Transoral decompressions should always be followed by a posterior fusion. Menezes et al. described a group of patients treated by ventral decompression alone without developing postoperative instability.39 In the literature, some reports describe stable situations after a transoral25 or transnasal resection15,51 of the odontoid in basilar invagination. However, the risks of postoperative instability are considerable.16,18,42,44 Early in this series, 1 patient without preoperative instability underwent a transoral decompression with no posterior fusion planned. This rendered him severely unstable while still in intensive care, and required posterior fusion immediately. Therefore, I cannot recommend stand-alone transoral decompressions. In a recent review, Menezes recommended posterior fusions after transoral resections of the odontoid in every patient as well.37

Management of the Degenerative Cervical Pathology

Another important aspect for patients with Chiari I malformations is the recognition of degenerative diseases of the cervical spine28,53 (Fig. 5). Most patients undergo a foramen magnum procedure at an age before they have developed significant degenerative problems in their cervical spines. However, due to the longstanding cord compression by cerebellar tonsils or the odontoid peg and the cord damage by an associated syrinx, the cervical cords of these patients are very vulnerable to degenerative spine diseases. Most patients will demonstrate some degree of cord atrophy despite a sufficient decompression and reduction of a syrinx. This may suggest that a cervical stenosis or a kyphotic angulation may be irrelevant. The significance of degenerative changes is easily overlooked unless functional studies of the cervical spine are performed. Hypermobilities appear to be particularly harmful to such an atrophic spinal cord. It is my experience that these patients should undergo cervical fusions as soon as clinical signs of a cervical myelopathy become apparent or progress.28 The results presented here suggest that posterior decompressions with laminectomies of C3–6 combined with lateral mass fixations may lead to better long-term results than ventral fusions, which tended to address the 1 or 2 most affected levels—only to be followed by adjacent-level disease soon thereafter.

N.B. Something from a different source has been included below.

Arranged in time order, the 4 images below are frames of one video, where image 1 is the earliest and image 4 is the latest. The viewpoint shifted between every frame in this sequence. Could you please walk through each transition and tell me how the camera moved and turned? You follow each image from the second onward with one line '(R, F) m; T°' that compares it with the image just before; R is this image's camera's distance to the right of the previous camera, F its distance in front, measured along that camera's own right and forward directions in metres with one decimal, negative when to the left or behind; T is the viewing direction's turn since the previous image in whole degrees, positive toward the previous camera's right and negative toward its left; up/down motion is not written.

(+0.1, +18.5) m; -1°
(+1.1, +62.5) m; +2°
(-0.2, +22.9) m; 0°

Complications After Foramen Magnum Decompressions

The complication rate of 19.2% in this study is in the reported range for foramen magnum decompressions that incorporate a duraplasty.2,21,34,57 Lower rates are described for decompressions that leave the dura intact.36,45 In this study, complication rates were significantly higher for patients with invagination compared with those without (Table 4). Most of this difference was related to higher rates for postoperative pneumonia in the invagination group. The rates for local complications (i.e., CSF fistulas, hemorrhages, and so on), were almost identical. Only 3.2% developed a postoperative ventricular dilation and clinical signs of increased intracranial pressure despite a sufficient decompression and required a ventriculoperitoneal shunt. This is a well-documented but not well-understood complication after foramen magnum decompressions for Chiari I malformations. This complication is not related to arachnoid opening or postoperative formation of subdural hygromas in the posterior fossa,29 but may in some way be related to the altered CSF flow at the foramen magnum, which some patients have problems adapting to in the immediate postoperative phase.

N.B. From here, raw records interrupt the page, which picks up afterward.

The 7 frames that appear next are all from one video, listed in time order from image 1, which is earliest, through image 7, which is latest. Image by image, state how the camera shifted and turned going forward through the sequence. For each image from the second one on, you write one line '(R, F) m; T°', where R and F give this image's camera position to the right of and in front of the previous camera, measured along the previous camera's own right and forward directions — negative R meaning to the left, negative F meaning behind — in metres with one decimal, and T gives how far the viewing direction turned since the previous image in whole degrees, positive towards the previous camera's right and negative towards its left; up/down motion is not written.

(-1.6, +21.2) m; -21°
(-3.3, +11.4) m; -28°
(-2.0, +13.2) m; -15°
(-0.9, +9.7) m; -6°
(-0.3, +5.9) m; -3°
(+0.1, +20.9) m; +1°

Swallowing dysfunctions and problems of opening the mouth are well-recognized complications after occipitocervical stabilizations,38 and may be aggravated further by short necks and smaller pharynx cavities in patients with invagination. In this series these dysfunctions were transient in 3 patients and did not require any measures apart from logopedic therapy. Such problems can be limited by meticulous positioning of the patient in neutral position.5,35,41,56 Care should be taken to avoid too much anteflexion, in particular. For that purpose, a preoperative lateral radiograph obtained in the neutral position is extremely helpful to aid correct positioning on the operating table under fluoroscopic control.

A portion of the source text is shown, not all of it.